Institutional Knowledge Encoded in Prompts and Pipelines
This one is newer and underappreciated. As AI products mature, the value increasingly lives in the system design - the prompting strategies, the retrieval architectures, the fallback behaviors, the evaluation frameworks - rather than in the model itself. This institutional knowledge takes months to develop and test. It encodes hard-won lessons about failure modes, edge cases, and domain-specific quirks.
A competitor who buys the same foundation model still needs to replicate this institutional knowledge. That's months of work, not days. And by the time they've replicated it, you've moved further ahead.
Anthropic's Constitutional AI methodology, the custom system prompts that enterprise companies have built for their specific workflows, the evaluation uses that catch regressions - these are institutional knowledge that creates a genuine lag advantage, even if not a permanent one.
Domain Expertise That Shapes the Product
The deepest moat of all is domain expertise that's baked into every layer of the product: the problem framing, the failure mode handling, the evaluation criteria, the user interface, the trust calibration. This is hard to explain and impossible to measure, but it shows up in reliability and user trust over time.
The clinical AI products that get used are the ones where the failure modes reflect clinical understanding - where the system knows what it doesn't know, where it defers to human judgment on specific categories of cases, where the confidence calibration matches clinical intuition. Building this requires deep domain expertise embedded in the product team, not just in the model.

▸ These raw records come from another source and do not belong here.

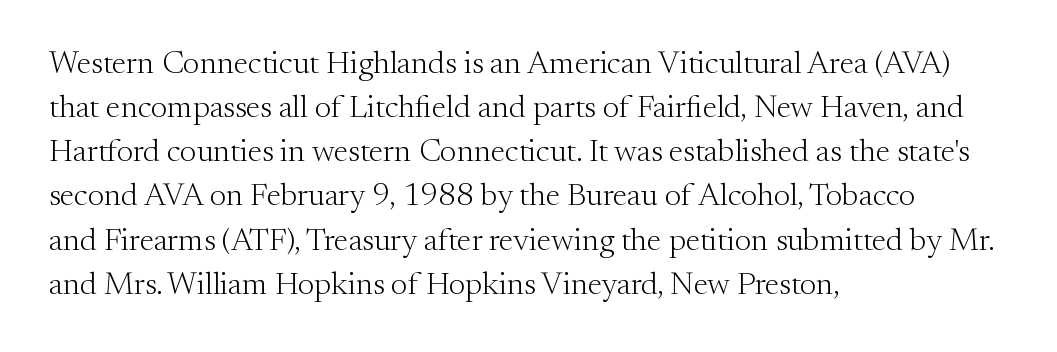
Q: Is the text bold? A: No.
Q: Is the text italic (slanted)? A: No, it is upright.
Q: Is the typeface a serif or a sans-serif typeface? A: Serif.
Q: Is the text underlined? A: No.
Q: How is the paragraph aligned? A: Left-aligned.
Q: Is the spacing between letters normal or unusually wide? A: Normal.
Q: Is the spacing between lines tight, normal or loose? A: Normal.
Q: Width (condensed, normal, or wide)? A: Normal.
Q: Stroke contrast? A: Medium.
Q: x-height? A: Small.
Q: Monospaced? A: No.
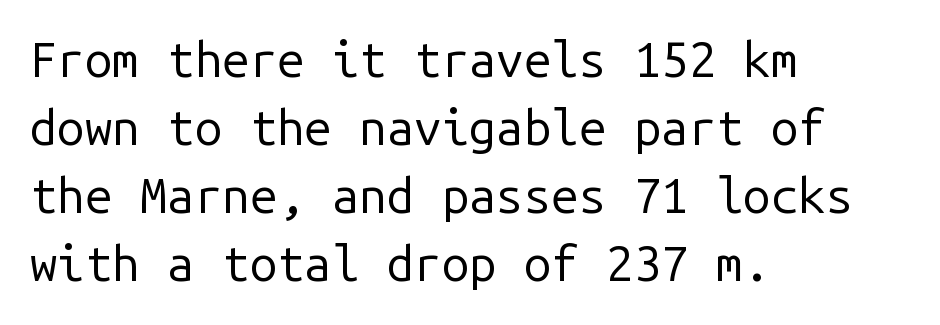
Q: Is the text bold? A: No.
Q: Is the text italic (slanted)? A: No, it is upright.
Q: Is the typeface a serif or a sans-serif typeface? A: Sans-serif.
Q: Is the text underlined? A: No.
Q: How is the paragraph aligned? A: Left-aligned.
Q: Is the spacing between letters normal or unusually wide? A: Normal.
Q: Is the spacing between lines tight, normal or loose? A: Normal.
Q: Width (condensed, normal, or wide)? A: Normal.
Q: Stroke contrast? A: Low.
Q: x-height? A: Medium.
Q: Monospaced? A: Yes.
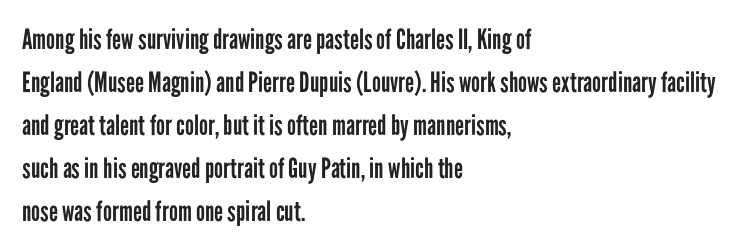
Q: Is the text bold? A: No.
Q: Is the text italic (slanted)? A: No, it is upright.
Q: Is the typeface a serif or a sans-serif typeface? A: Sans-serif.
Q: Is the text underlined? A: No.
Q: How is the paragraph aligned? A: Left-aligned.
Q: Is the spacing between letters normal or unusually wide? A: Normal.
Q: Is the spacing between lines tight, normal or loose? A: Normal.
Q: Width (condensed, normal, or wide)? A: Condensed.
Q: Stroke contrast? A: Low.
Q: x-height? A: Medium.
Q: Monospaced? A: No.
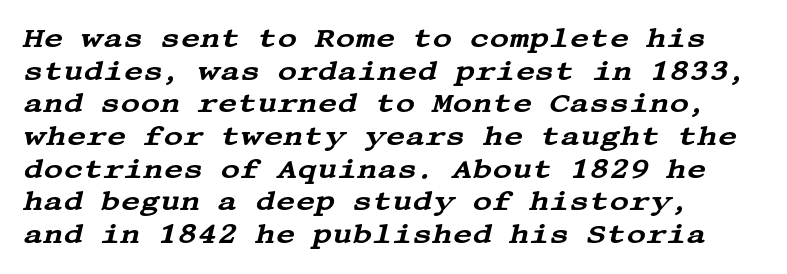
The gaps between neighbouring characters are ordinary and unremarkable. Check under the words: just untouched page. Casual observation: everything's shoved over to the left. Would a proofreader flag this as italicized? Yes.
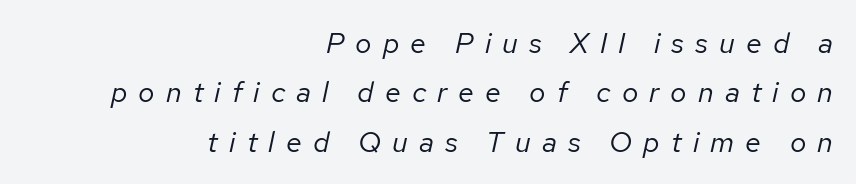
The image shows 29 px regular-weight type, italic (leaning right); set right-aligned, normal line spacing (1.7x), unusually wide letter spacing (+0.38 em), not underlined; low stroke contrast and a medium x-height.
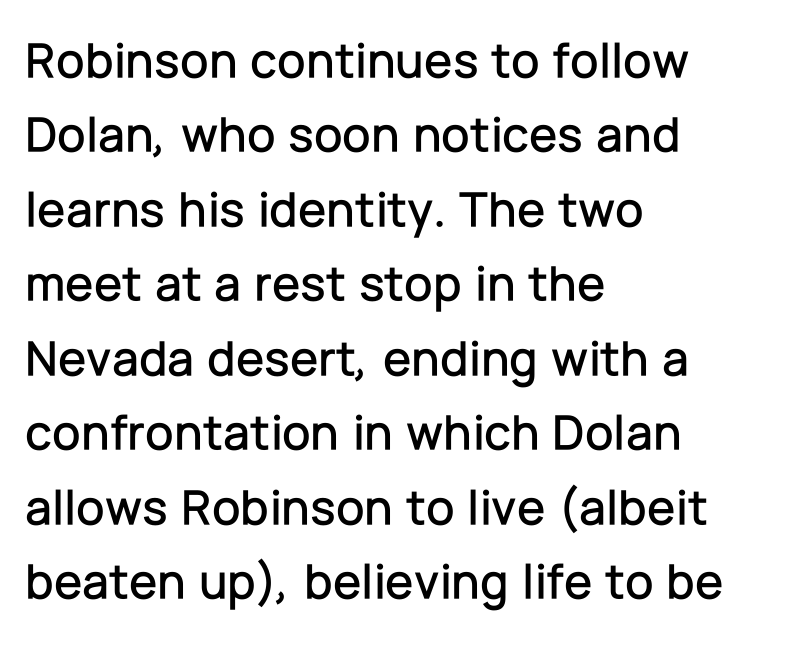
The image shows 51 px sans-serif type, upright; set left-aligned, normal line spacing (1.46x), normal letter spacing, not underlined; low stroke contrast and a medium x-height.
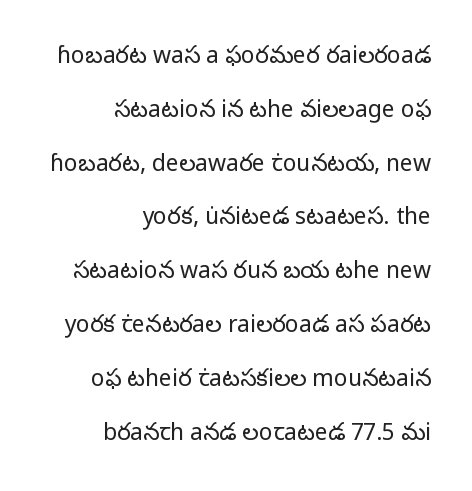
Q: Is the text bold? A: No.
Q: Is the text italic (slanted)? A: No, it is upright.
Q: Is the text underlined? A: No.
Q: How is the paragraph aligned? A: Right-aligned.
Q: Is the spacing between letters normal or unusually wide? A: Normal.
Q: Is the spacing between lines tight, normal or loose? A: Loose.
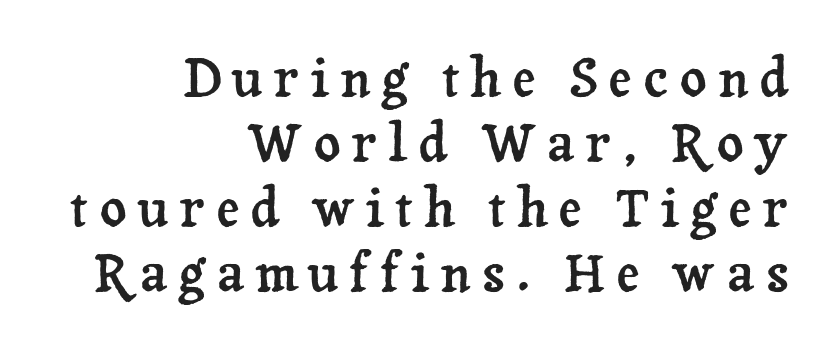
{"serif": "yes", "italic": "no", "width": "normal", "stroke_contrast": "low", "x_height": "medium", "monospaced": "no", "underline": "no", "align": "right", "line_spacing": "normal", "line_spacing_ratio": 1.25, "letter_spacing": "wide", "letter_spacing_em": 0.21, "glyph_px": 52}
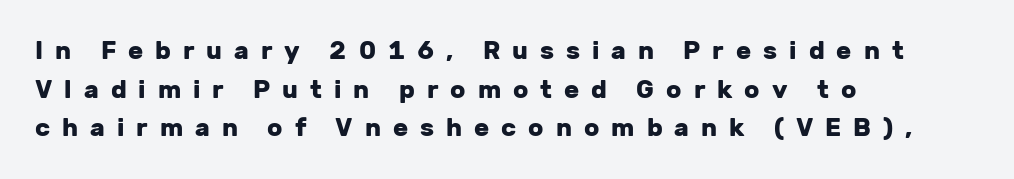
The image shows 25 px bold type, upright; set left-aligned, normal line spacing (1.55x), unusually wide letter spacing (+0.48 em), not underlined.
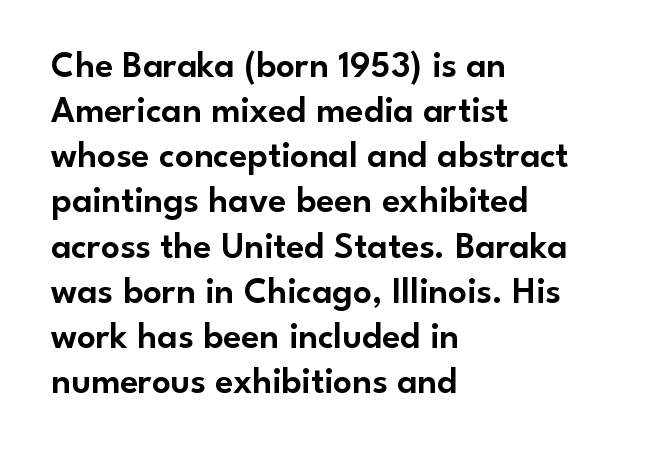
The image shows 37 px sans-serif type, upright; set left-aligned, line spacing 1.22x, normal letter spacing, not underlined; low stroke contrast and a small x-height.
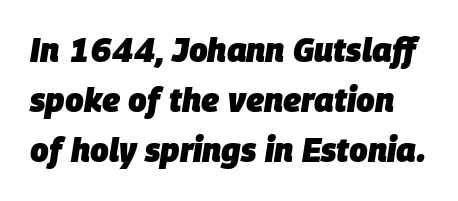
The image shows 33 px heavy type, italic (leaning right); set normal line spacing (1.52x), normal letter spacing, not underlined; low stroke contrast and a large x-height.
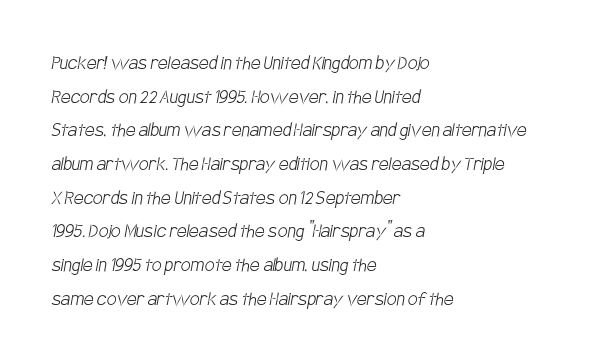
The strokes carry an ordinary text weight at most. Does the copy run flush right? No — it runs flush left. The type is set solid horizontally, with unmodified tracking. Successive baselines arrive at the customary interval. The area under the type is left untouched.
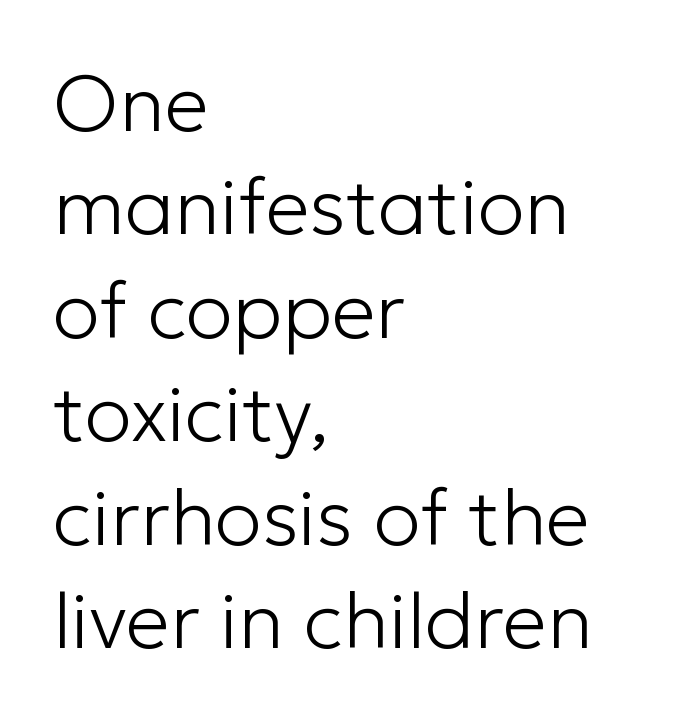
The image shows 79 px light sans-serif type, upright; set left-aligned, normal line spacing (1.31x), normal letter spacing, not underlined; low stroke contrast and a medium x-height.
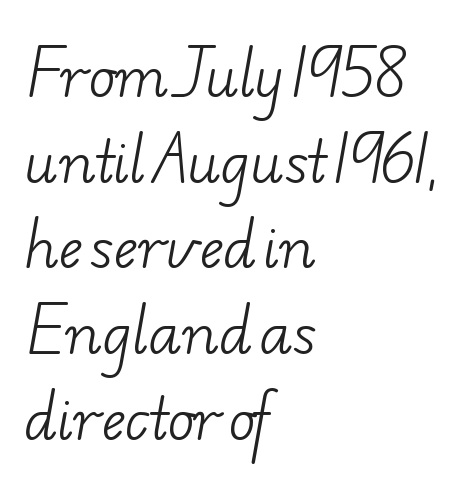
{"serif": "yes", "bold": "no", "weight": "light", "width": "wide", "stroke_contrast": "low", "x_height": "small", "monospaced": "no", "underline": "no", "align": "left", "line_spacing": "normal", "line_spacing_ratio": 1.53, "letter_spacing": "normal", "letter_spacing_em": 0.0, "glyph_px": 56}
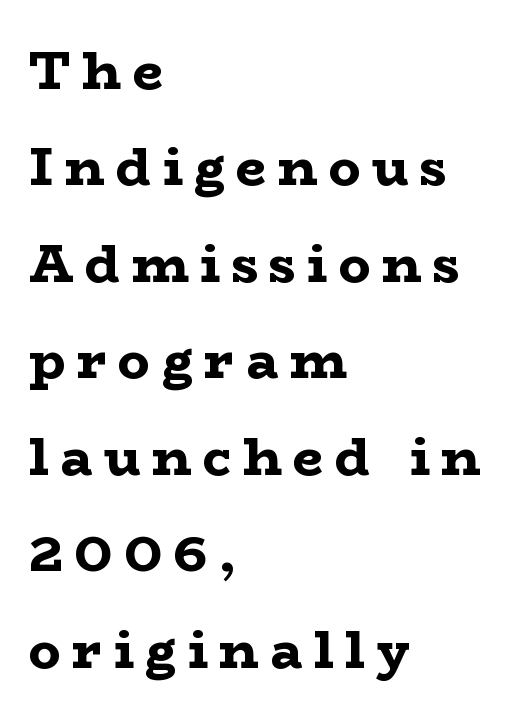
The image shows 53 px bold, wide serif type, upright; set left-aligned, line spacing 1.82x, unusually wide letter spacing (+0.22 em), not underlined; low stroke contrast and a medium x-height.
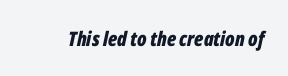
Q: Is the text bold? A: Yes.
Q: Is the text italic (slanted)? A: Yes, it leans right by about 12 degrees.
Q: Is the text underlined? A: No.
Q: Is the spacing between letters normal or unusually wide? A: Normal.
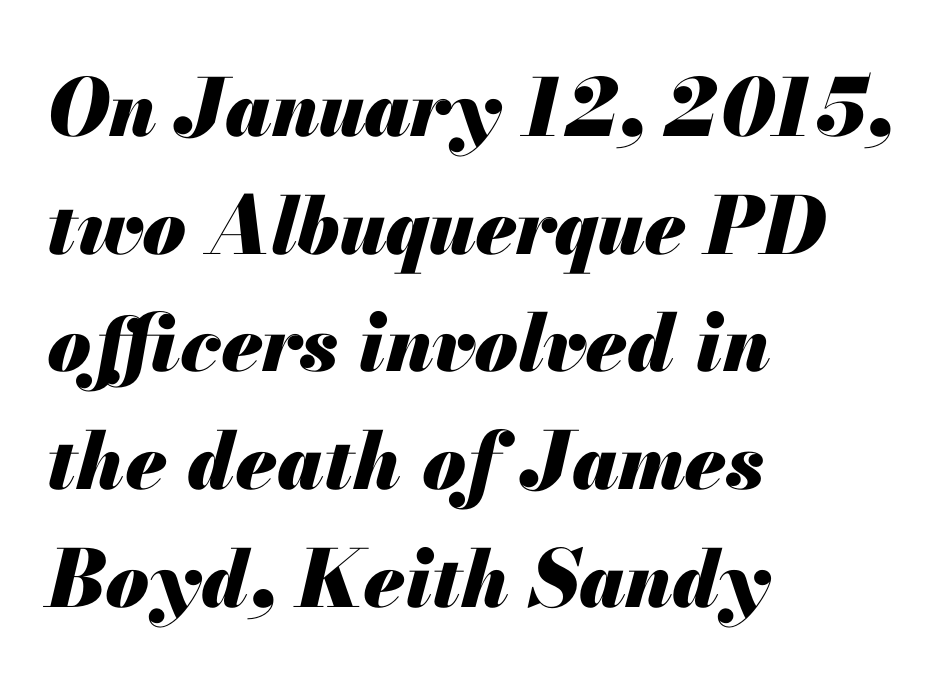
The image shows 79 px heavy type, italic (leaning right); set left-aligned, normal line spacing (1.49x), normal letter spacing, not underlined; medium stroke contrast and a small x-height.
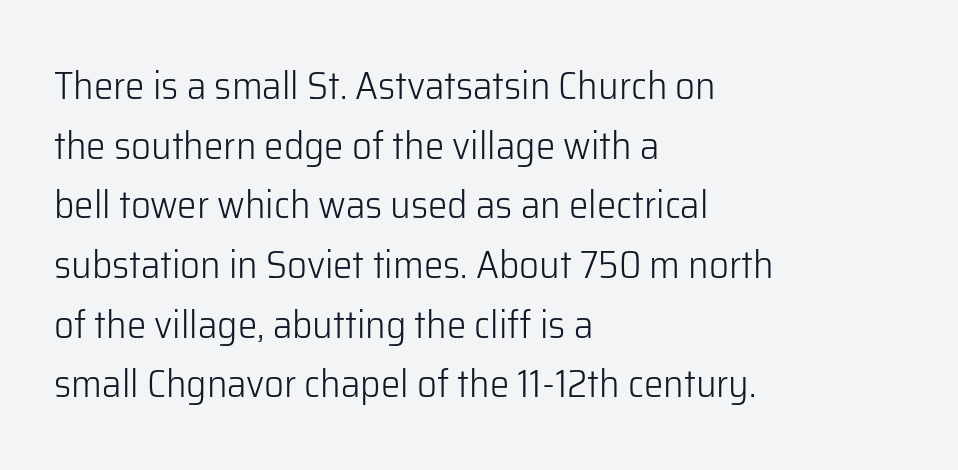
The image shows 39 px light sans-serif type, upright; set left-aligned, normal line spacing (1.53x), normal letter spacing, not underlined; low stroke contrast and a medium x-height.
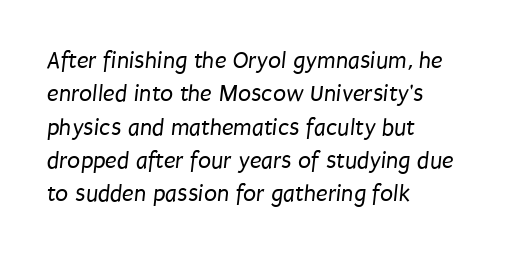
The image shows 24 px text type; set left-aligned, normal line spacing (1.39x), normal letter spacing, not underlined.
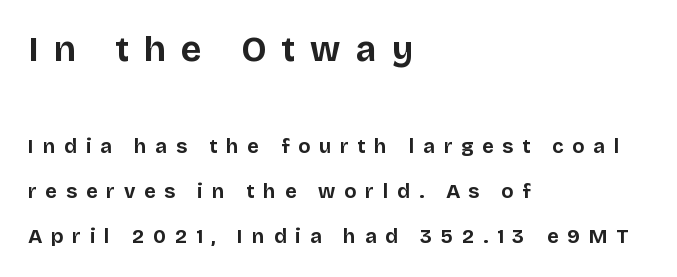
The paragraph shown leans on its left margin. This sample has the flowing, uneven cadence of proportional lettering. Characters follow at a spacing far wider than the type designer built in. You could fit nearly another row in the gap between these rows. Does the type have serifs? No, each stem ends abruptly. Pretty heavy lettering here — definitely bold.
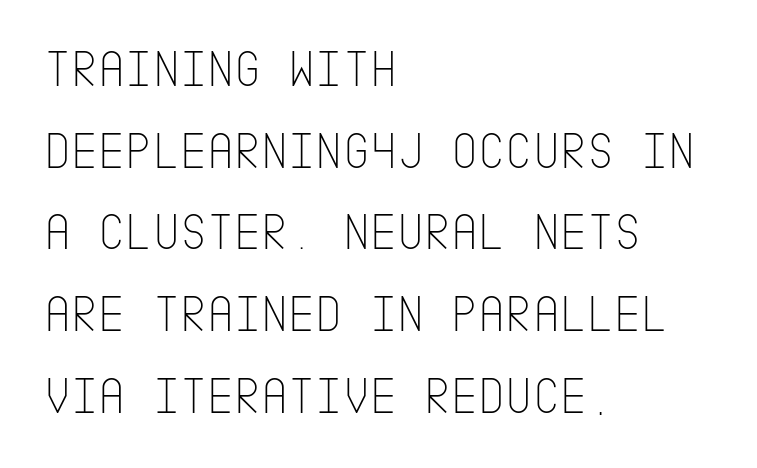
{"serif": "no", "italic": "no", "bold": "no", "weight": "thin", "width": "condensed", "stroke_contrast": "low", "x_height": "large", "underline": "no", "align": "left", "line_spacing": "normal", "line_spacing_ratio": 1.57, "letter_spacing": "normal", "letter_spacing_em": 0.0, "glyph_px": 52}
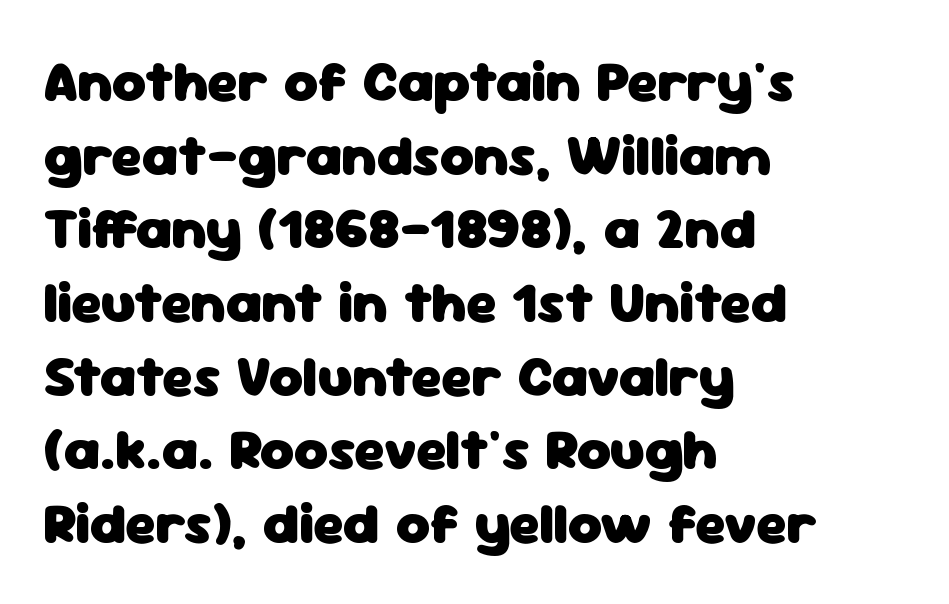
{"serif": "no", "italic": "no", "bold": "yes", "weight": "heavy", "width": "normal", "stroke_contrast": "low", "x_height": "medium", "monospaced": "no", "underline": "no", "align": "left", "line_spacing": "normal", "line_spacing_ratio": 1.27, "letter_spacing": "normal", "letter_spacing_em": 0.0, "glyph_px": 58}
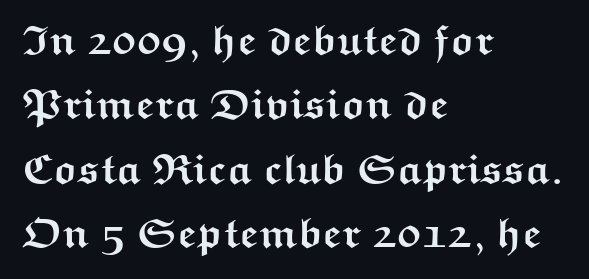
The image shows 42 px semibold, wide sans-serif type, upright; set left-aligned, normal line spacing (1.53x), normal letter spacing, not underlined; medium stroke contrast and a medium x-height.
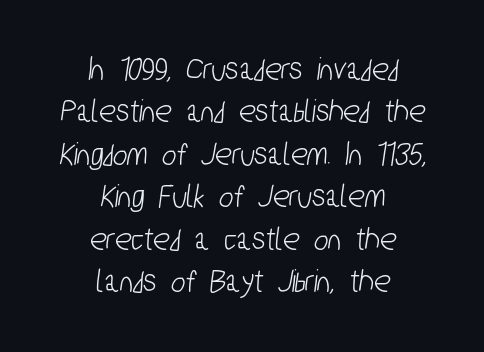
Unmarked baselines from the first word to the last. Visually the block forms a symmetrical silhouette, jagged on both flanks. The letterforms sit shoulder to shoulder at normal distance. To sum up the face: it is a sans, with no serifs.
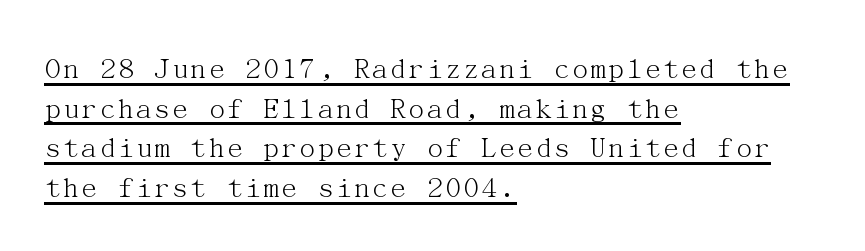
The image shows 31 px light serif type, upright; set left-aligned, normal line spacing (1.28x), normal letter spacing, underlined; medium stroke contrast and a medium x-height.

A new entrant with a technically superior model but no clinical domain expertise will build a tool that clinicians don't trust, even if the accuracy numbers are better. Domain expertise is a moat because it takes years to accumulate and can't be purchased or scraped.
The Practical Implication
If you're building an AI product, ask yourself: in two years, after foundation models have improved another two generations, what still differentiates us? If your answer involves model accuracy, you have a problem. If your answer involves workflow integration, proprietary data, institutional knowledge, or domain expertise - you're building a moat.
The shift in framing is: stop thinking about AI as the product and start thinking about AI as the engine. The product is the workflow transformation. The product is the data flywheel. The product is the domain-specific reliability that users trust. The AI model is infrastructure - valuable, necessary, but not differentiated.
This reframing changes your investment priorities. Less time optimizing model performance. More time deepening workflow integration. More time building labeling pipelines that capture user feedback. More time encoding domain expertise into your evaluation framework.
These are less glamorous investments than training a new model. They're also much harder to replicate.